IBM reported yesterday that its scientists have developed a new technique for exploring and controlling magnetism at the atomic level. The breakthrough could lead to the development of new materials for computing devices based on microscopic magnetic phenomena.
"We have developed a window into the atomic heart of magnetism," said Andreas Heinrich, a research staff member at IBM's Almaden Research Center in San Jose, Calif. "We can now position atoms and then measure and control their magnetic interactions within precisely designed structures."
The technique, called spin-excitation spectroscopy, uses a low-temperature scanning tunneling microscope to probe the interactions between spins in individual atomic-scale magnetic structures. The researchers created linear chains of 1 to 10 manganese atoms assembled one atom at a time on a thin insulating layer, and the spin excitation spectra of these structures were measured with inelastic tunneling spectroscopy. They observed excitations of the coupled atomic spins that can change both the total spin and its orientation. Comparison with a model spin interaction yielded the collective spin configuration and the strength of the coupling between the atomic spins. They found that chains with an even number of atoms had no net magnetism, while chains with an odd number of atoms showed net magnetism, according to the IBM announcement.

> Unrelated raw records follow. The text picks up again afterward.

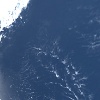
Label: water
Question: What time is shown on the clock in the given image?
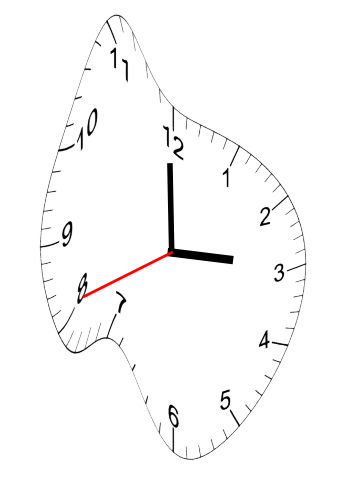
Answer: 02:59:41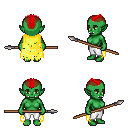
a pixel art fantasy rpg character, female body template, orc, green skin, yellow tattered cape, white pants, red short mohawk hairstyle, spear, four views (front, back, left, right), 2x2 character sprite sheet, small pixel art, hard edges, no anti-aliasing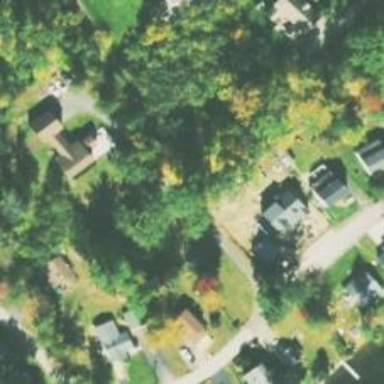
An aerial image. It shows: Driveway.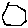
Label: hexagon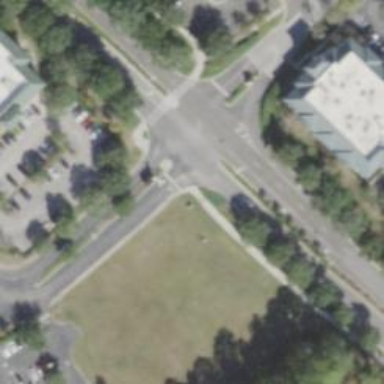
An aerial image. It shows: Unmarked crossing on cycleway road.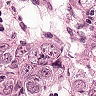
Metastatic tissue present: yes
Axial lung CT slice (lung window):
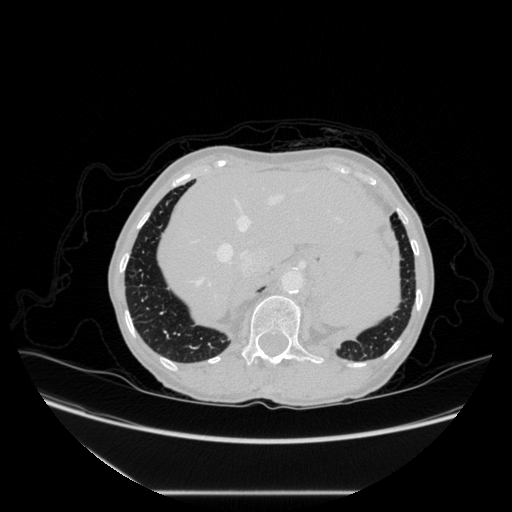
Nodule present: no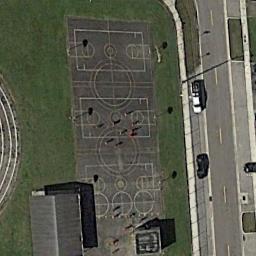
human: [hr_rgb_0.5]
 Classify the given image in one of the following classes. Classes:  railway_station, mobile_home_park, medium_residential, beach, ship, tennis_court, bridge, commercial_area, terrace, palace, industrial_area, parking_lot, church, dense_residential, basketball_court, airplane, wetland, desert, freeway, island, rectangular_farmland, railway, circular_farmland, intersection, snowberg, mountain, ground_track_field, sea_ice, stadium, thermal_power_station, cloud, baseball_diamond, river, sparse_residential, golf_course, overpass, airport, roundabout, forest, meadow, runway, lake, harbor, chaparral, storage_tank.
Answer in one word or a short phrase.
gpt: basketball_court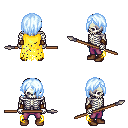
a pixel art fantasy rpg character, male body template, skeleton, yellow tattered cape, magenta pants, white cyan bangs hairstyle, cloth bracers, brown shoes, spear, four views (front, back, left, right), 2x2 character sprite sheet, small pixel art, hard edges, no anti-aliasing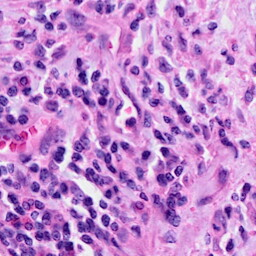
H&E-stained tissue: Cervix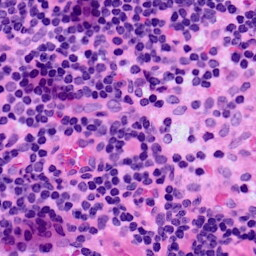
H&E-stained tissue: LymphNode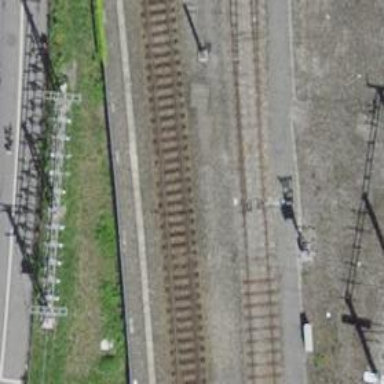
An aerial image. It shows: Railway switch.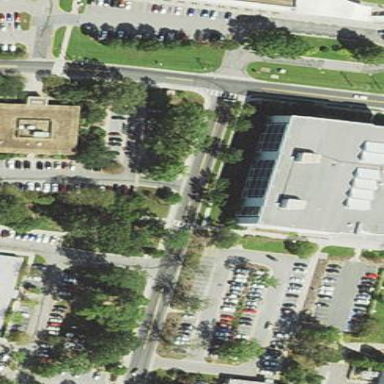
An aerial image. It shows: Courthouse building.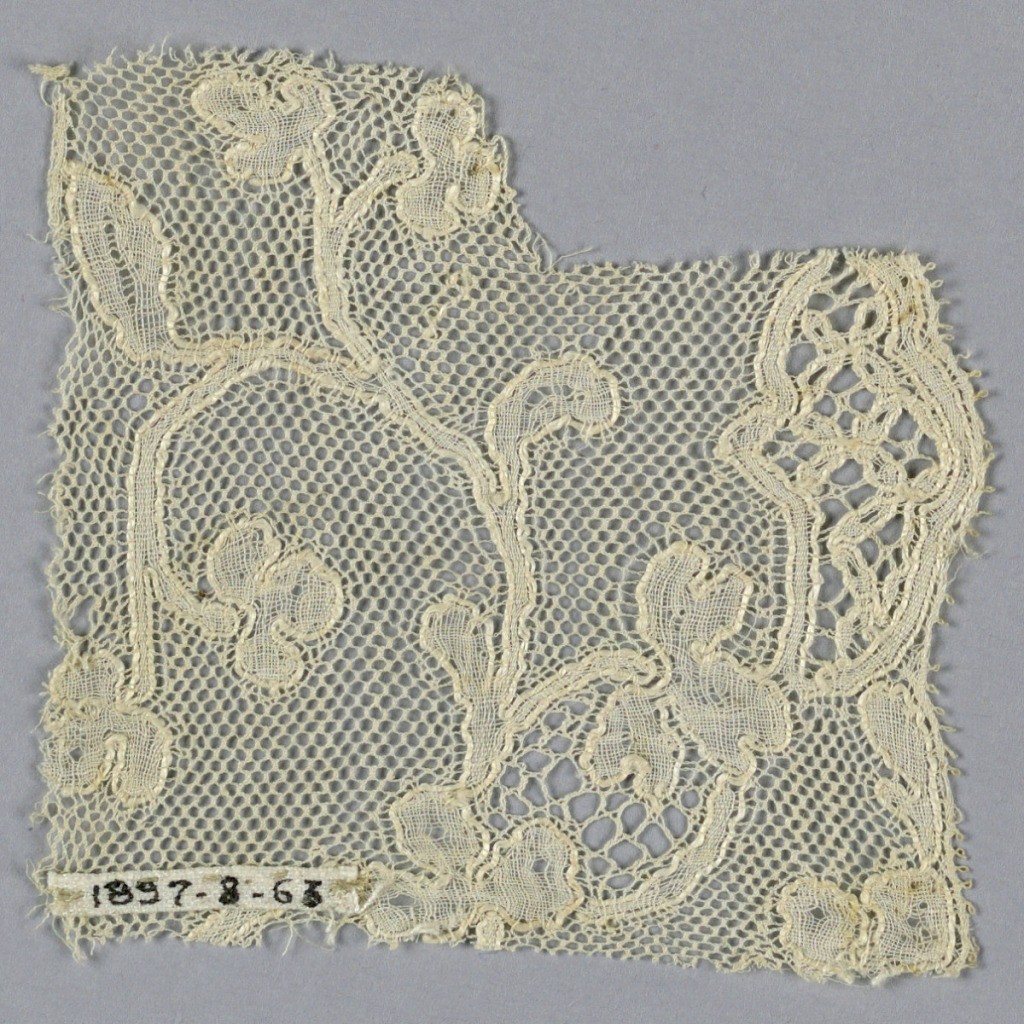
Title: Fragment
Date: late 18th century
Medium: linen Technique: bobbin lace (Mechlin-style)
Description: Fragment has a pattern of openwork ovals linked by a scrolling floral vine. Slightly scalloped edge.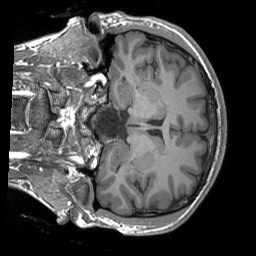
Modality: T1w
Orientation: coronal
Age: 20
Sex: male
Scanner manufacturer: siemens
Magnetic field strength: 3 T
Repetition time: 1.9 s
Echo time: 0.00243 s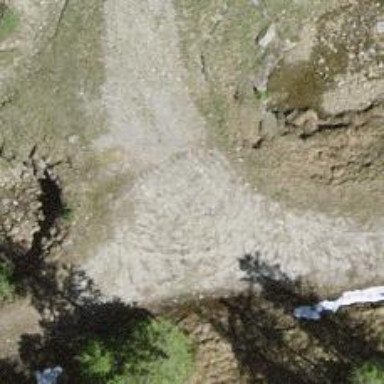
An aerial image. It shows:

"This kind of exploratory research is essential for the long-term future of the computer industry," said Gian-Luca Bona, manager of science and technology at the Almaden center. "Sometime in the next couple of decades, it will be impossibly difficult to continue improving transistors and other traditional microelectronic circuit elements by simply shrinking them. We will then need alternative structures and, perhaps, altogether different ways of computing. Techniques like this can help us gain the knowledge needed to create those alternatives."
IBM said its scientists expect to use spin-excitation spectroscopy to:
- 'Explore the limits of magnetic data storage, by engineering the energy required to flip the collective orientation of a small number of magnetically coupled atoms.'
- 'Determine the feasibility of spin-based wires and a spin version of the molecular-motion cascade.'
- 'Investigate how engineered spin interactions could be applied to quantum information systems, such as quantum computers.'
More information on spin-excitation spectroscopy is available at IBM's Web site and at the online publication Science Express.